EvinJelin, April 26th, 2014

It's good to browse the internet searching for unknown bands. That makes you less radio-brainwashed and you can find a few things you really like but might have never heard of if you hadn't made the effort to look for them. No, that's a lie, a very sugar-coated version of the ugly reality. Really awesome people are hard to find, there are more annoying idiots in this world than there are "geniuses". So awesome music is rare too. Searching for awesome music is like a big expedition with its… failures. And Heather Leather's "We came to destroy" is one of these failures. Because they failed to play anything good or because I failed to enjoy their music? You decide.

So what we have is a 3 sisters heavy metal band, with some "We're band X and we're gonna rock you" and some shock value ("He's a child molester, fuck yeah !"). Despite having a poor production and not being an extremely ambitious band, they made some pretty catchy and enjoyable… Who the hell am I kidding, this is shockingly bad. So bad it will leave you with eyes wide open like boiled eggs.

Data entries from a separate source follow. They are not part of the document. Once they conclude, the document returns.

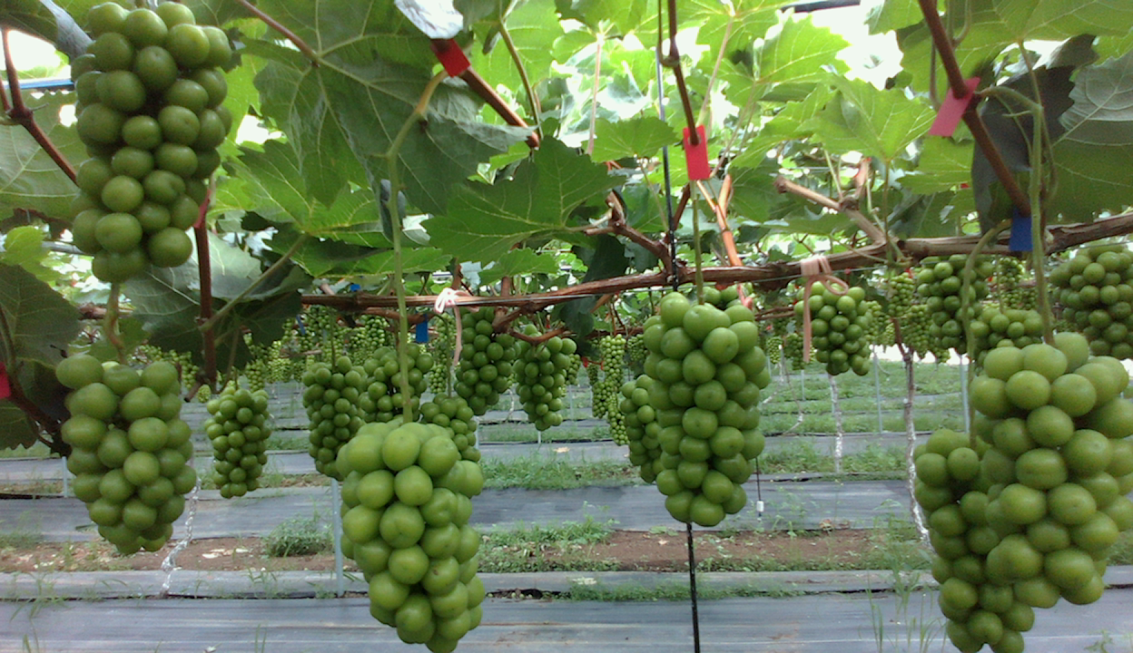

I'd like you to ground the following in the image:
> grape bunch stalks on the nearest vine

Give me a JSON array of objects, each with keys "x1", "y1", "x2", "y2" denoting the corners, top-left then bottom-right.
[
  {"x1": 103, "y1": 282, "x2": 126, "y2": 363},
  {"x1": 389, "y1": 69, "x2": 449, "y2": 424},
  {"x1": 974, "y1": 87, "x2": 1058, "y2": 347},
  {"x1": 961, "y1": 216, "x2": 1011, "y2": 449},
  {"x1": 690, "y1": 179, "x2": 704, "y2": 304}
]
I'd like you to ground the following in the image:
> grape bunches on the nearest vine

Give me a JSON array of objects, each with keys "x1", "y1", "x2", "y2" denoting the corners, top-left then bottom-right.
[
  {"x1": 56, "y1": 356, "x2": 197, "y2": 557},
  {"x1": 70, "y1": 1, "x2": 232, "y2": 283},
  {"x1": 974, "y1": 334, "x2": 1132, "y2": 607},
  {"x1": 337, "y1": 420, "x2": 486, "y2": 652},
  {"x1": 911, "y1": 428, "x2": 1033, "y2": 652},
  {"x1": 642, "y1": 292, "x2": 770, "y2": 527}
]

The most striking problem is that they can not play! I usually suck at determining who plays well and who doesn't, but even I can hear it. They're not together, they have no sense of rhythm and it's not like what they play is interesting enough not to need technical virtuosity. In one phrase, they have no idea what to do with their instruments. Not any bloody little idea, nothing you'll hear will ever be remembered or at least stuck in your head for a few minutes. The vocals have no strength and sound like the singer is either 5 years old, or never hit puberty. Really, to compare this to food, it's the kind of meal not good at all, which even has a little rotten taste somewhere in the background. You won't be fed enough, and you won't even eat anything good.

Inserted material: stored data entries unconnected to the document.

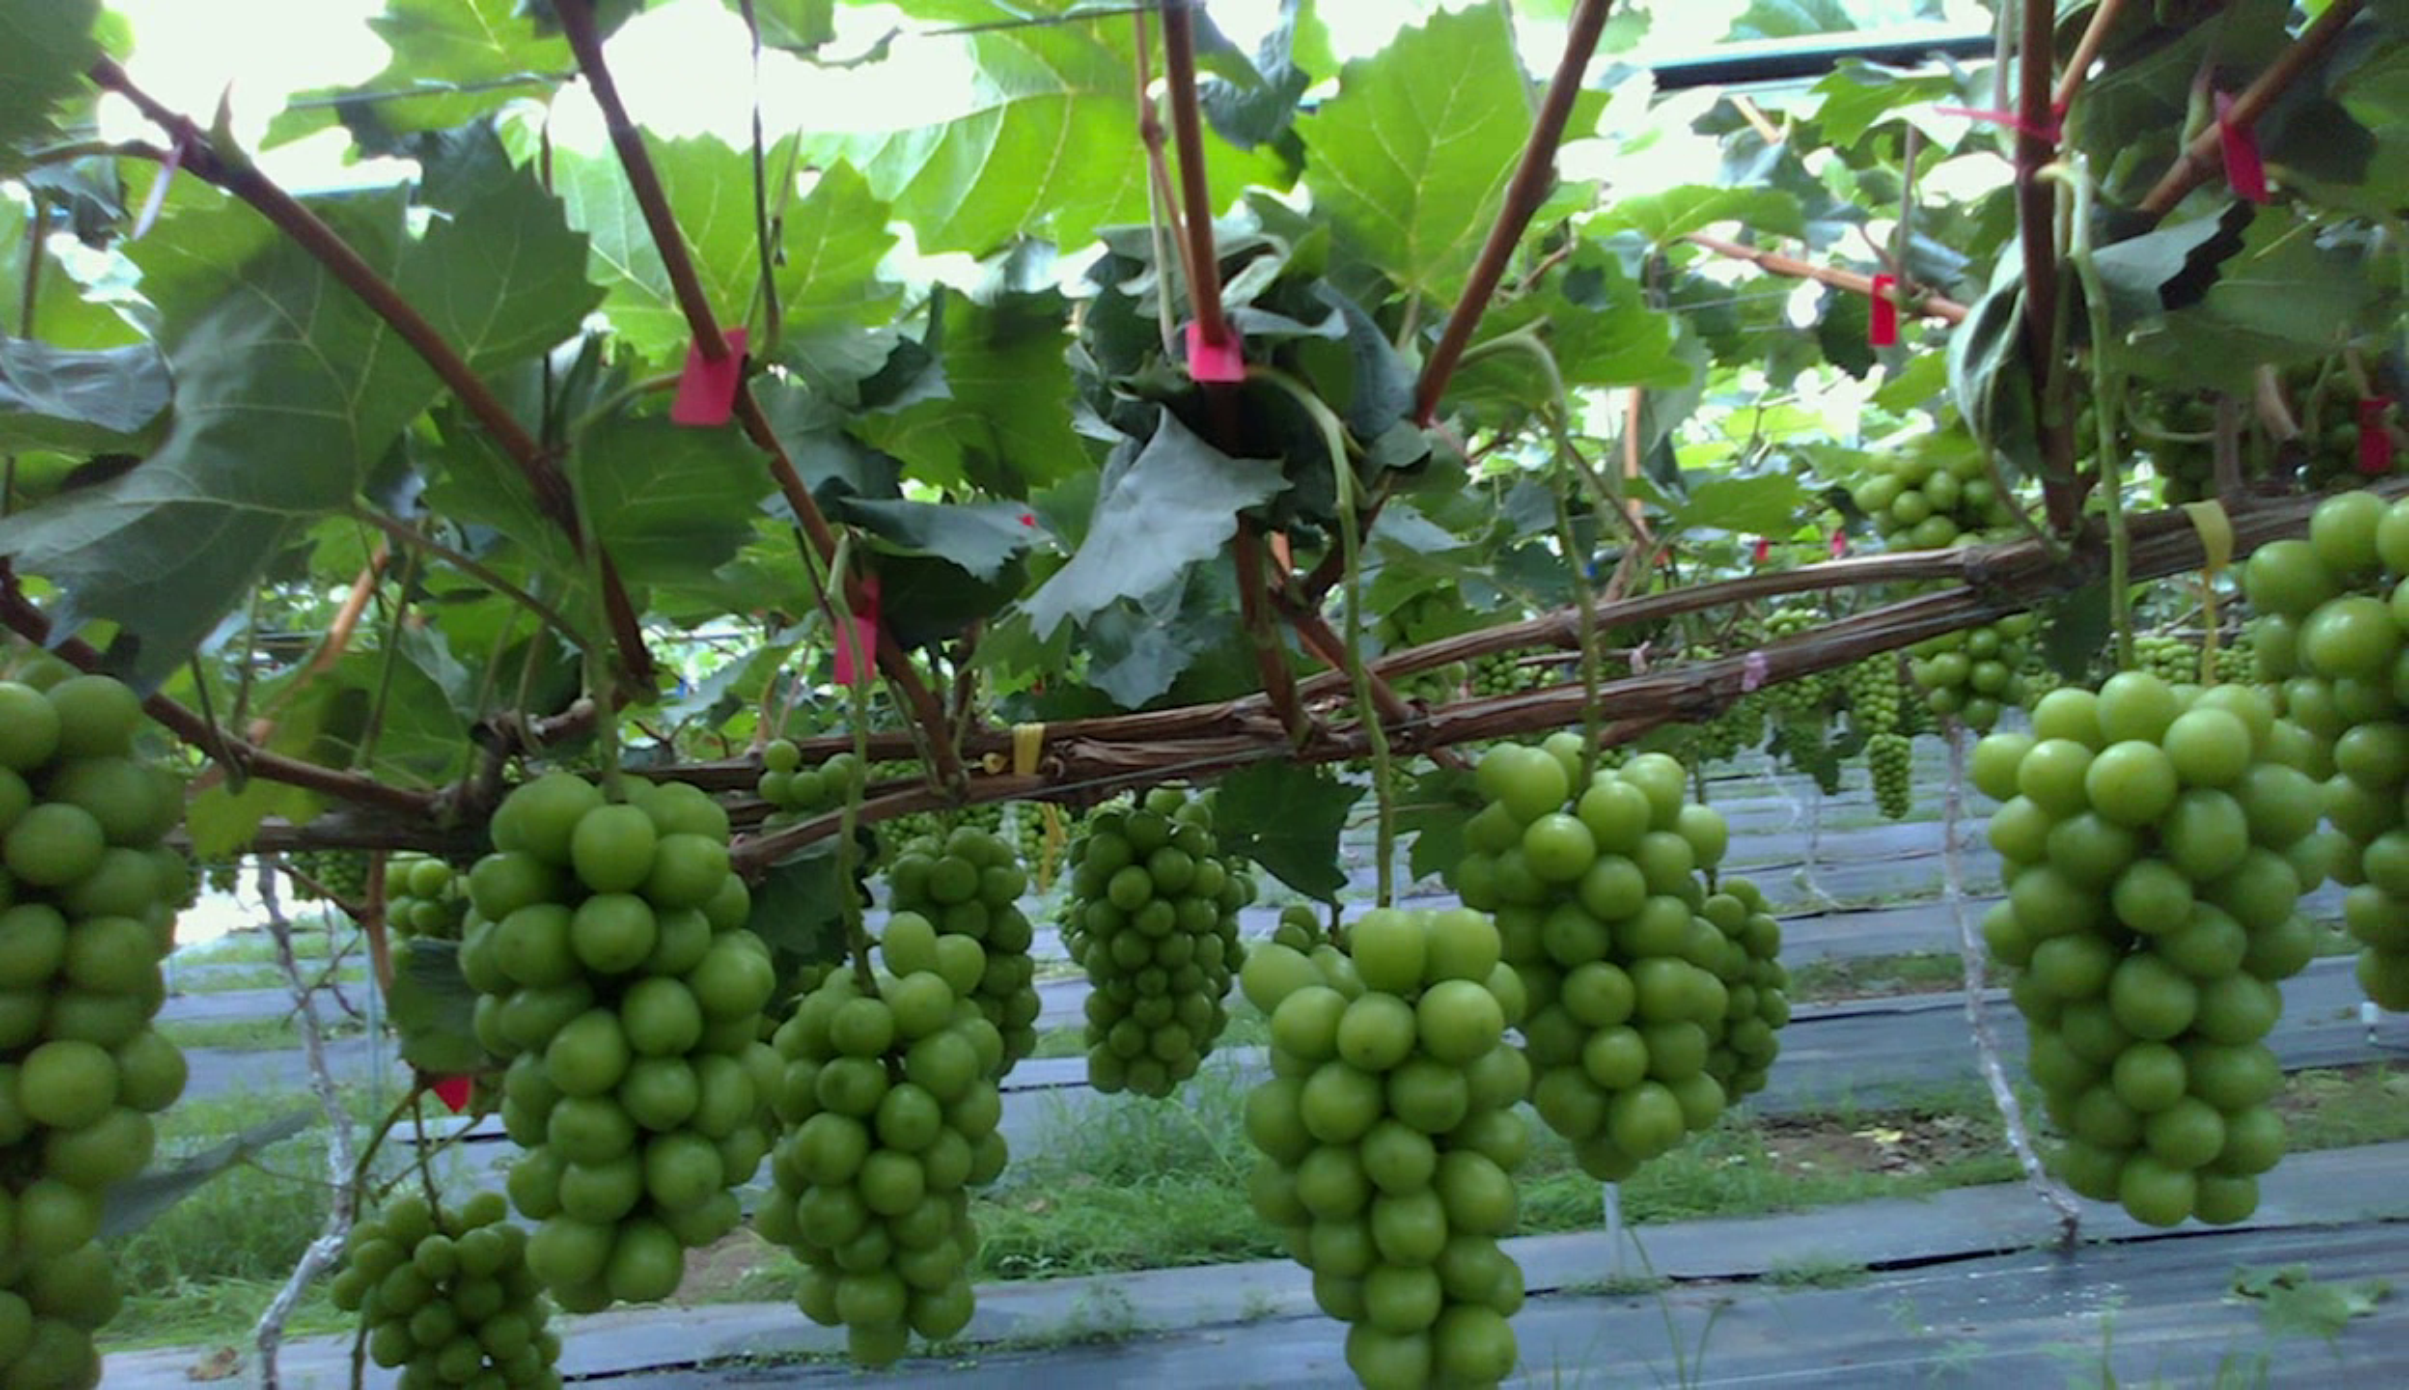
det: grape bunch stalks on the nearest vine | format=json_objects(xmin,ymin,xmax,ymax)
[
  {"xmin": 1475, "ymin": 319, "xmax": 1600, "ymax": 793},
  {"xmin": 824, "ymin": 539, "xmax": 880, "ymax": 996},
  {"xmin": 562, "ymin": 376, "xmax": 672, "ymax": 801},
  {"xmin": 2054, "ymin": 168, "xmax": 2135, "ymax": 666},
  {"xmin": 1278, "ymin": 373, "xmax": 1398, "ymax": 902}
]
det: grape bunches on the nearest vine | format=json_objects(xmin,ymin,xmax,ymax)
[
  {"xmin": 2251, "ymin": 488, "xmax": 2407, "ymax": 1010},
  {"xmin": 1452, "ymin": 730, "xmax": 1728, "ymax": 1181},
  {"xmin": 759, "ymin": 911, "xmax": 1004, "ymax": 1369},
  {"xmin": 1971, "ymin": 674, "xmax": 2332, "ymax": 1232},
  {"xmin": 454, "ymin": 774, "xmax": 780, "ymax": 1320},
  {"xmin": 0, "ymin": 660, "xmax": 185, "ymax": 1290},
  {"xmin": 1239, "ymin": 907, "xmax": 1531, "ymax": 1388}
]

But this trio's sense of songwriting will make you want to throw your plate on the wall, or if you're the really spectacular kind, spit food everywhere and punch the cook. The title track is just one of the millions of "my band rocks" songs, but one of the flattest ever made. And then, the horror. Yes, you had read that one right. They do have a song called "Child Molester", and it doesn't even have the decency of being an anti-rape song. The chorus (which is basically the only thing you'll understand from the little girl's squealing and badly recorded vocals) tells us "Child molester, come on, show me, wow ! what you do". Uh ? I guess someone thought this was sexy? No, really, I give up on that song. What's the point of it, nothing besides annoying me a lot. If you can take this seriously…

Number one on my list of musics you wish you had never discovered. Also a great soundtrack to loose your brain to. I'll say it again, there is nothing good about this demo. Nothing. The only way you'd enjoy it would be to make fun of the people who made a song as awful as "Child Molester". But you'd have to be in a good day to be able to laugh at this.